### About this exercise
Pictures must not be copied, but every entry must be reproduced exactly.

### The records
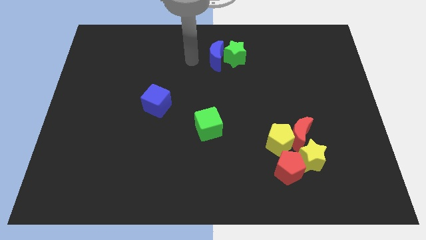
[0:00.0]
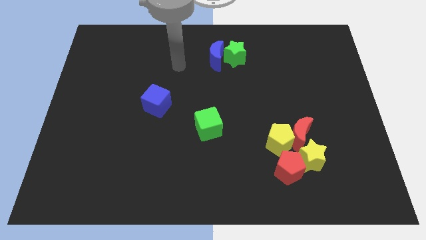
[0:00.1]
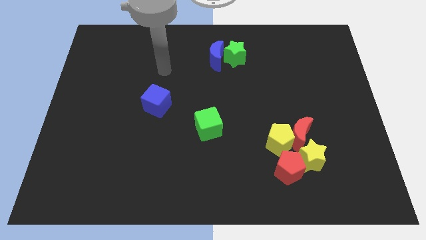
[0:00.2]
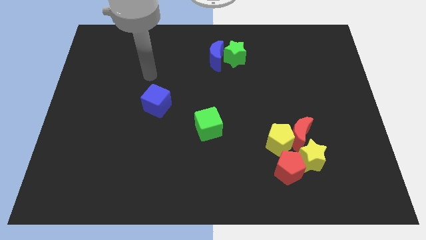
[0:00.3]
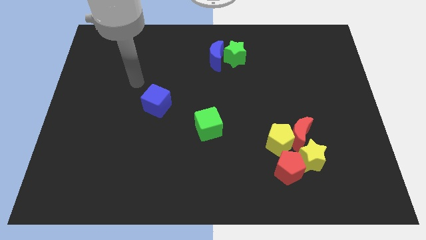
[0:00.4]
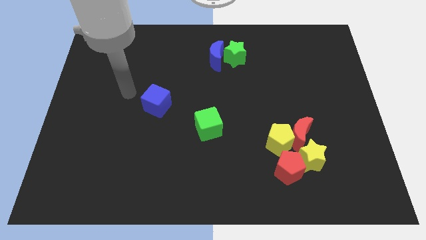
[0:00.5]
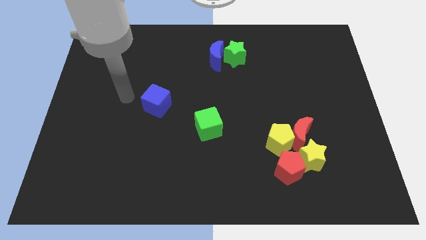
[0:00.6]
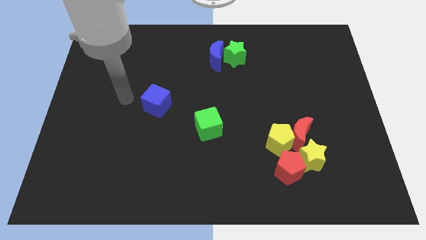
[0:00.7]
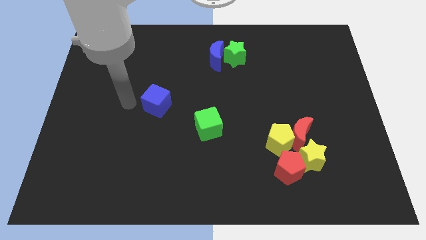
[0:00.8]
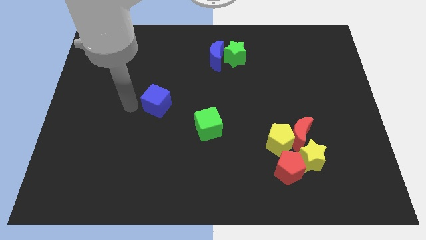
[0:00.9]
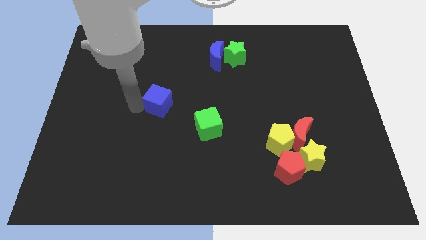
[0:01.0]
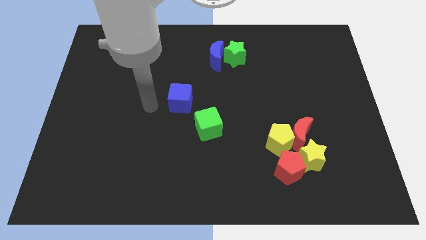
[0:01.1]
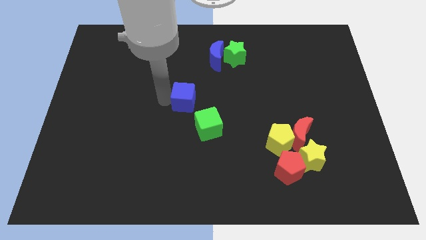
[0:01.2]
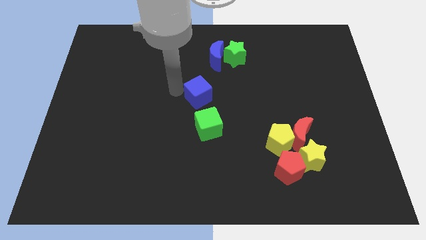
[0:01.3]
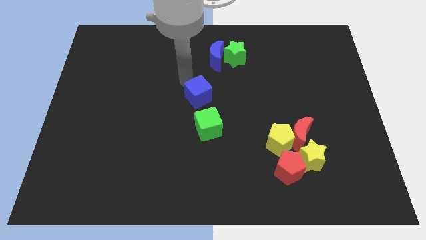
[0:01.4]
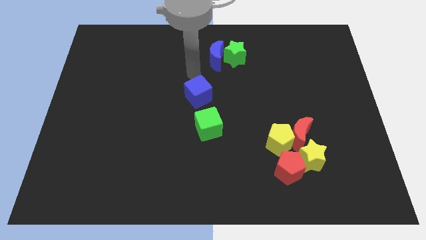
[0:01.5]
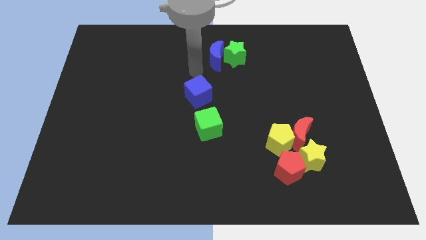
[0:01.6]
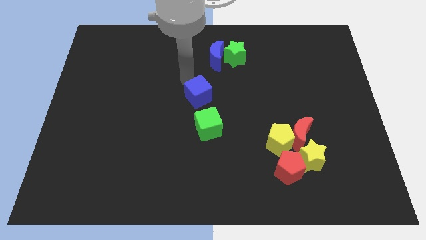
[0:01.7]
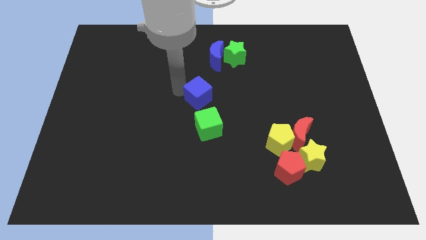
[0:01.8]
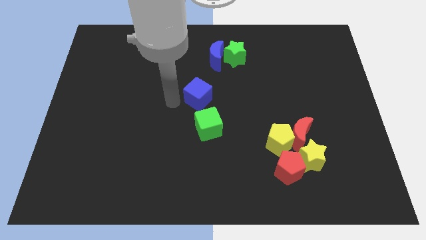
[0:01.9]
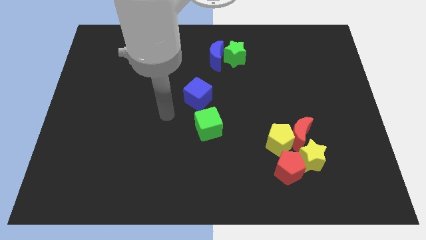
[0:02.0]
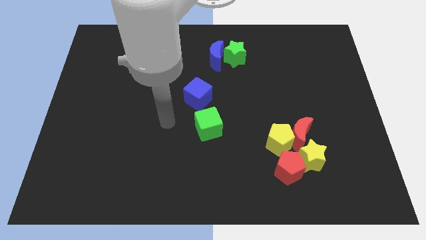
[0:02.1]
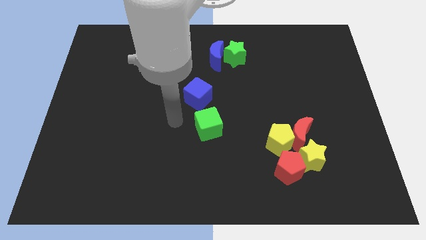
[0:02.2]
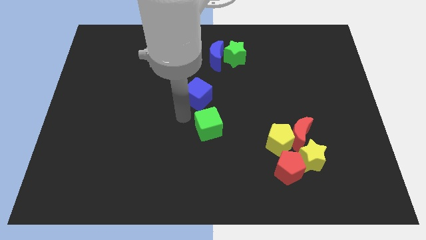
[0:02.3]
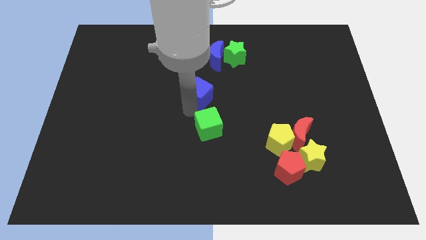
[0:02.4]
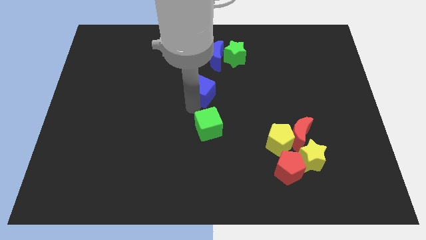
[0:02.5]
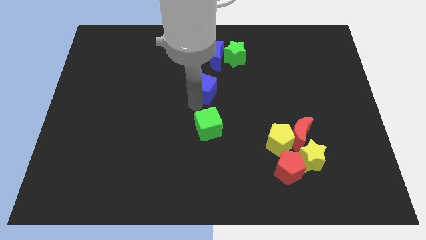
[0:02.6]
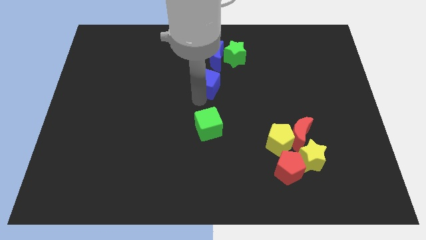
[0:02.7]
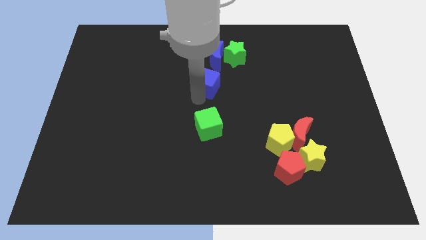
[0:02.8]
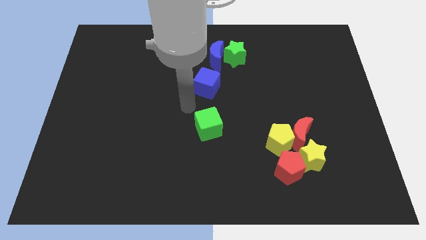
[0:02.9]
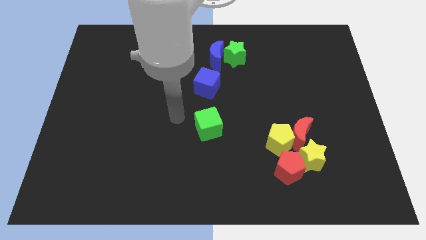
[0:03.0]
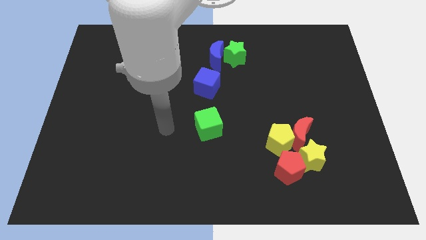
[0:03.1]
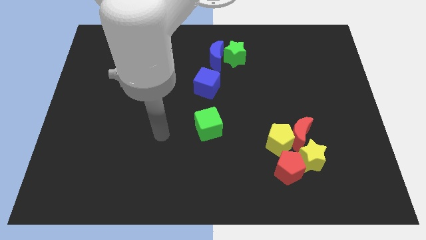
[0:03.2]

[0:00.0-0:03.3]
push the blue cube towards the blue crescent

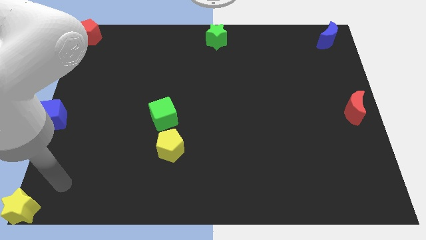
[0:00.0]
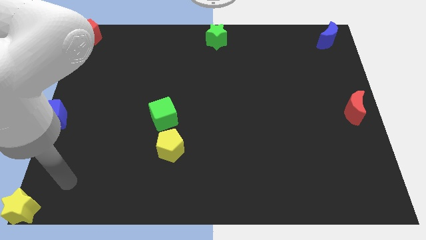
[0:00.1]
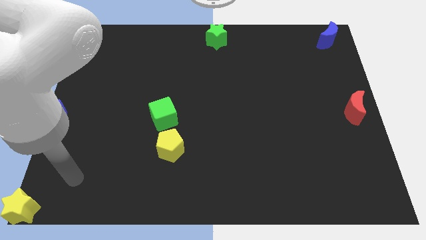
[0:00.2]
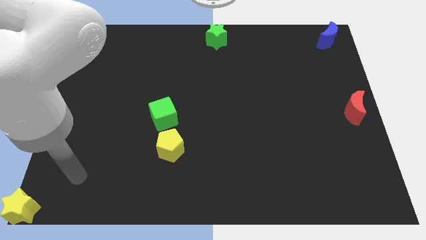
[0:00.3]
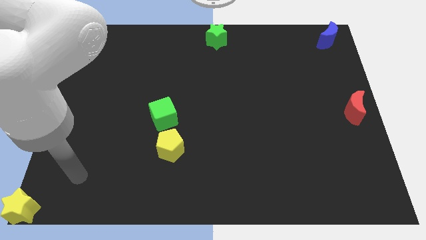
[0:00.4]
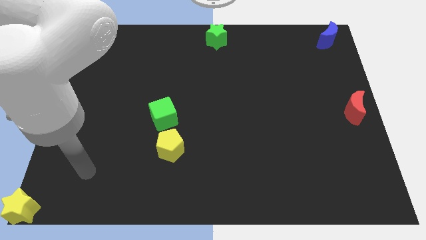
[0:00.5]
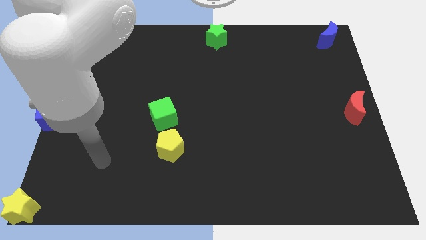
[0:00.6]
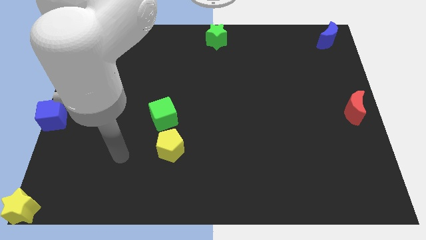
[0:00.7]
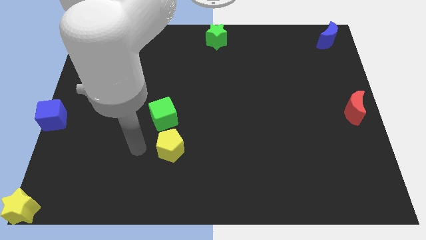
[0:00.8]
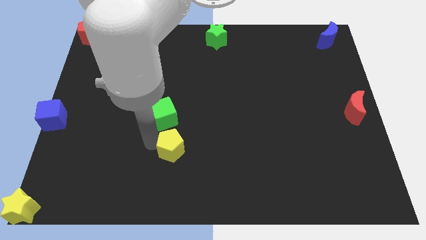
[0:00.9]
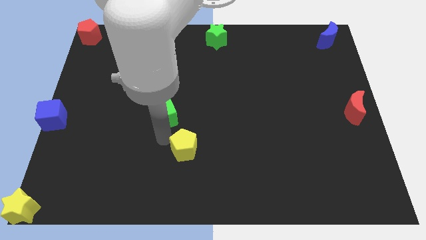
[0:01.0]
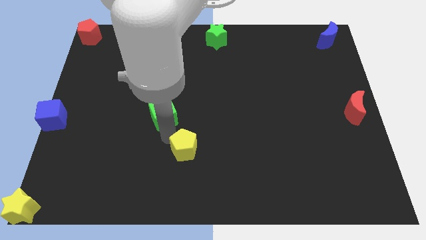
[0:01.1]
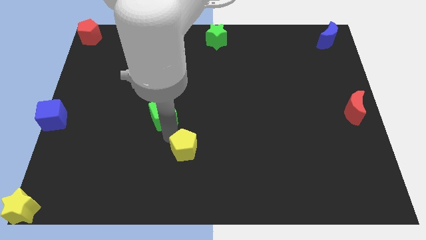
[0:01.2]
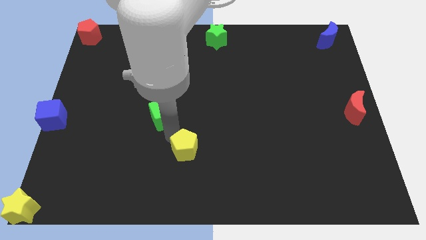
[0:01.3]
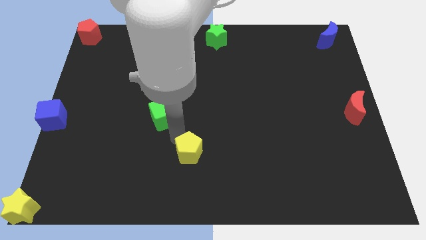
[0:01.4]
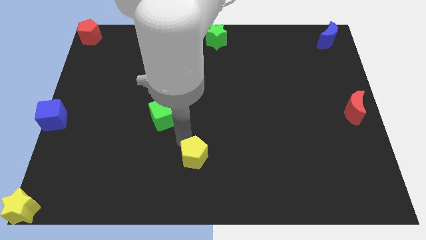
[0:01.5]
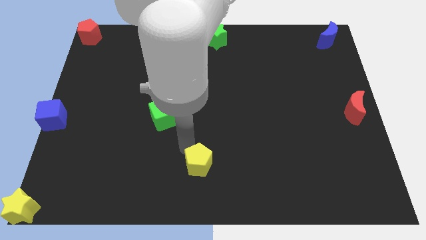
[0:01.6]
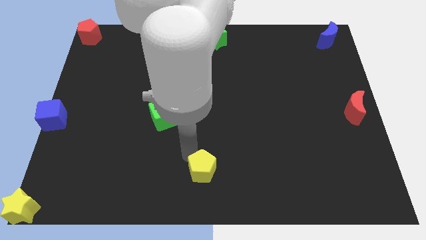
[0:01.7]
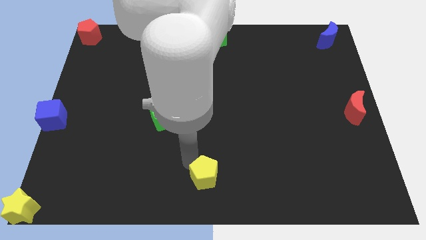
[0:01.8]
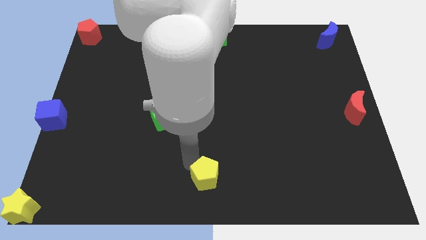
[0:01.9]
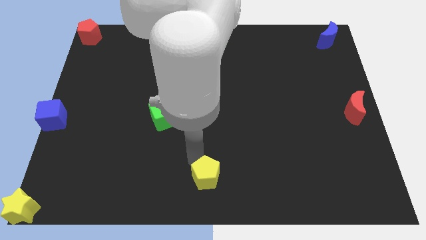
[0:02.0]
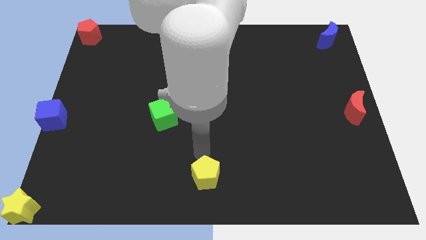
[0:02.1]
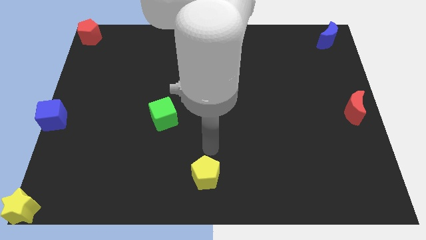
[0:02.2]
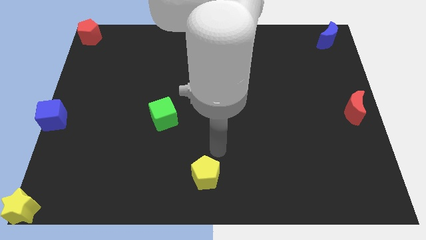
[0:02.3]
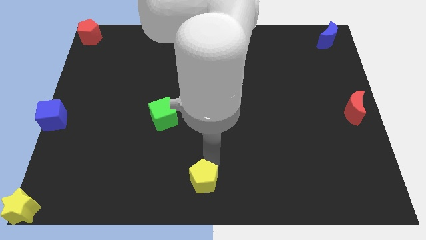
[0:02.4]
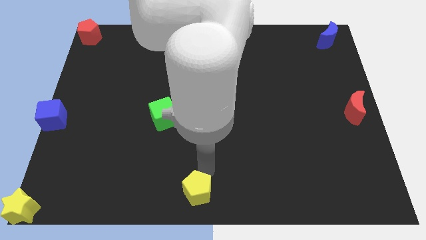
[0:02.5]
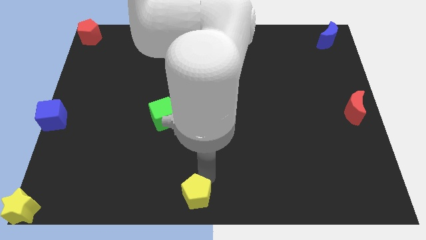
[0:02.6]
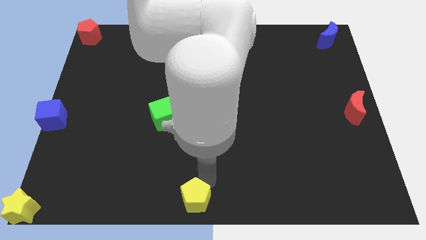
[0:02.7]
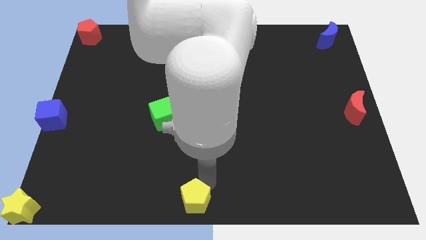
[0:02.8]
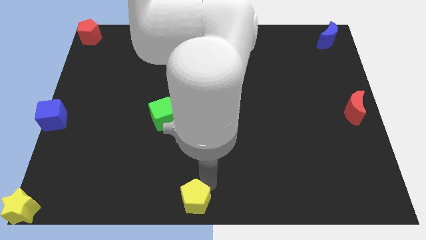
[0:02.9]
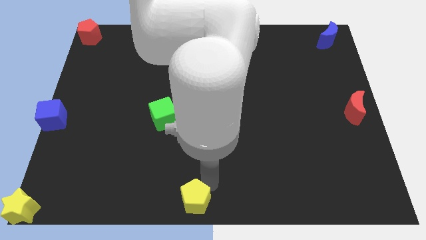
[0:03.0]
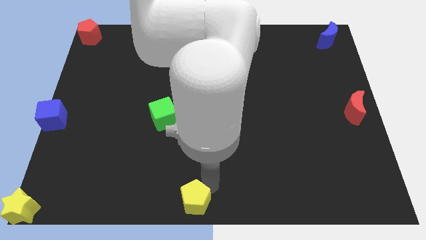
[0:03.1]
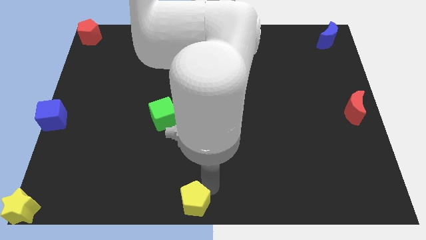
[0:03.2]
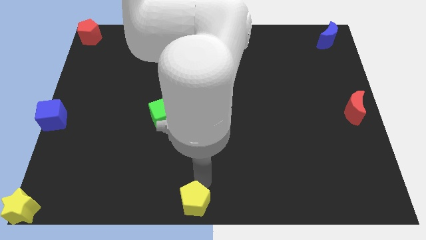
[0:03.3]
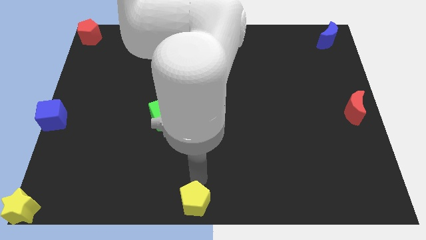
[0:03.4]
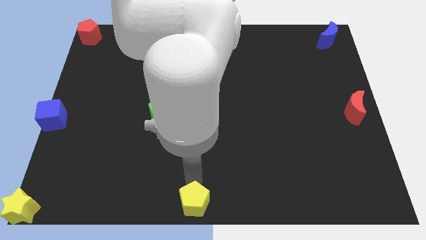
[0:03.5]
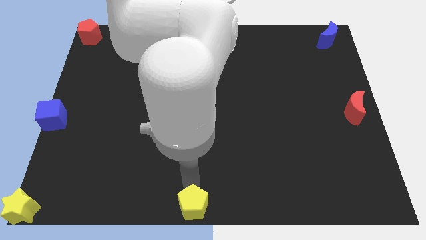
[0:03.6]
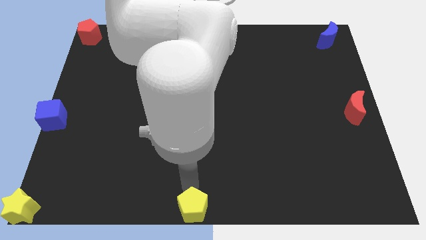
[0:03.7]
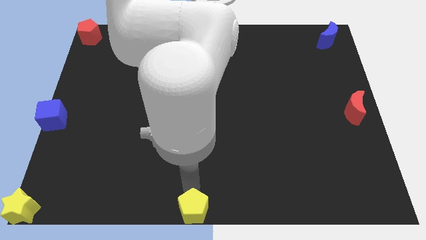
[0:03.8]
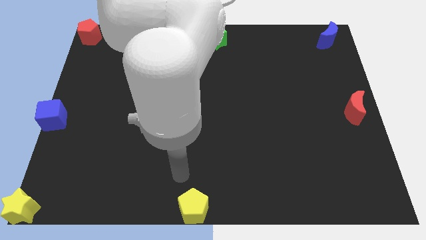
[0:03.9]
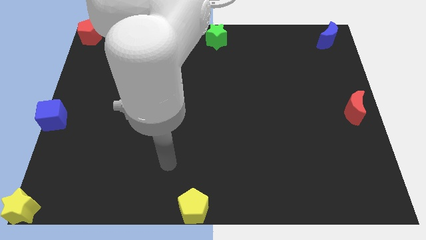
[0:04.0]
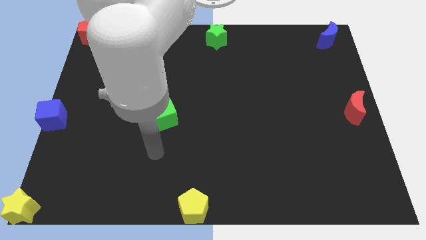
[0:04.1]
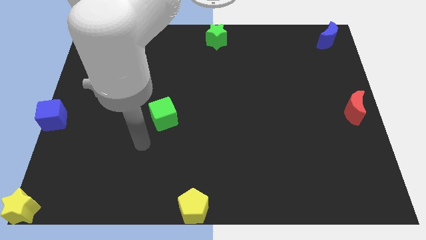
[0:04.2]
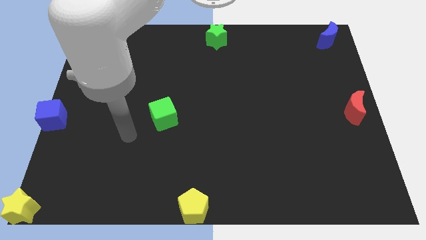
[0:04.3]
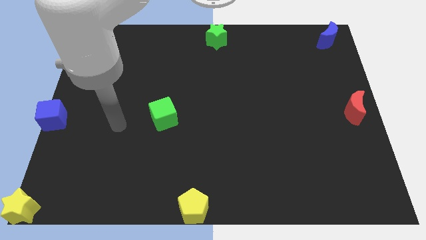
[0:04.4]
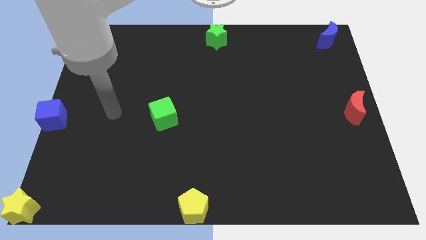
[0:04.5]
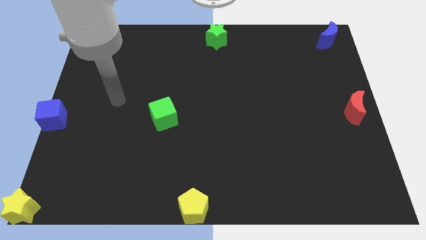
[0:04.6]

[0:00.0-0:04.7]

### Worked solution
[0:00.0]
[0:00.1]
[0:00.2]
[0:00.3]
[0:00.4]
[0:00.5]
[0:00.6]
[0:00.7]
[0:00.8]
[0:00.9]
[0:01.0]
[0:01.1]
[0:01.2]
[0:01.3]
[0:01.4]
[0:01.5]
[0:01.6]
[0:01.7]
[0:01.8]
[0:01.9]
[0:02.0]
[0:02.1]
[0:02.2]
[0:02.3]
[0:02.4]
[0:02.5]
[0:02.6]
[0:02.7]
[0:02.8]
[0:02.9]
[0:03.0]
[0:03.1]
[0:03.2]

[0:00.0-0:03.3]
push the blue cube towards the blue crescent

[0:00.0]
[0:00.1]
[0:00.2]
[0:00.3]
[0:00.4]
[0:00.5]
[0:00.6]
[0:00.7]
[0:00.8]
[0:00.9]
[0:01.0]
[0:01.1]
[0:01.2]
[0:01.3]
[0:01.4]
[0:01.5]
[0:01.6]
[0:01.7]
[0:01.8]
[0:01.9]
[0:02.0]
[0:02.1]
[0:02.2]
[0:02.3]
[0:02.4]
[0:02.5]
[0:02.6]
[0:02.7]
[0:02.8]
[0:02.9]
[0:03.0]
[0:03.1]
[0:03.2]
[0:03.3]
[0:03.4]
[0:03.5]
[0:03.6]
[0:03.7]
[0:03.8]
[0:03.9]
[0:04.0]
[0:04.1]
[0:04.2]
[0:04.3]
[0:04.4]
[0:04.5]
[0:04.6]

[0:00.0-0:04.7]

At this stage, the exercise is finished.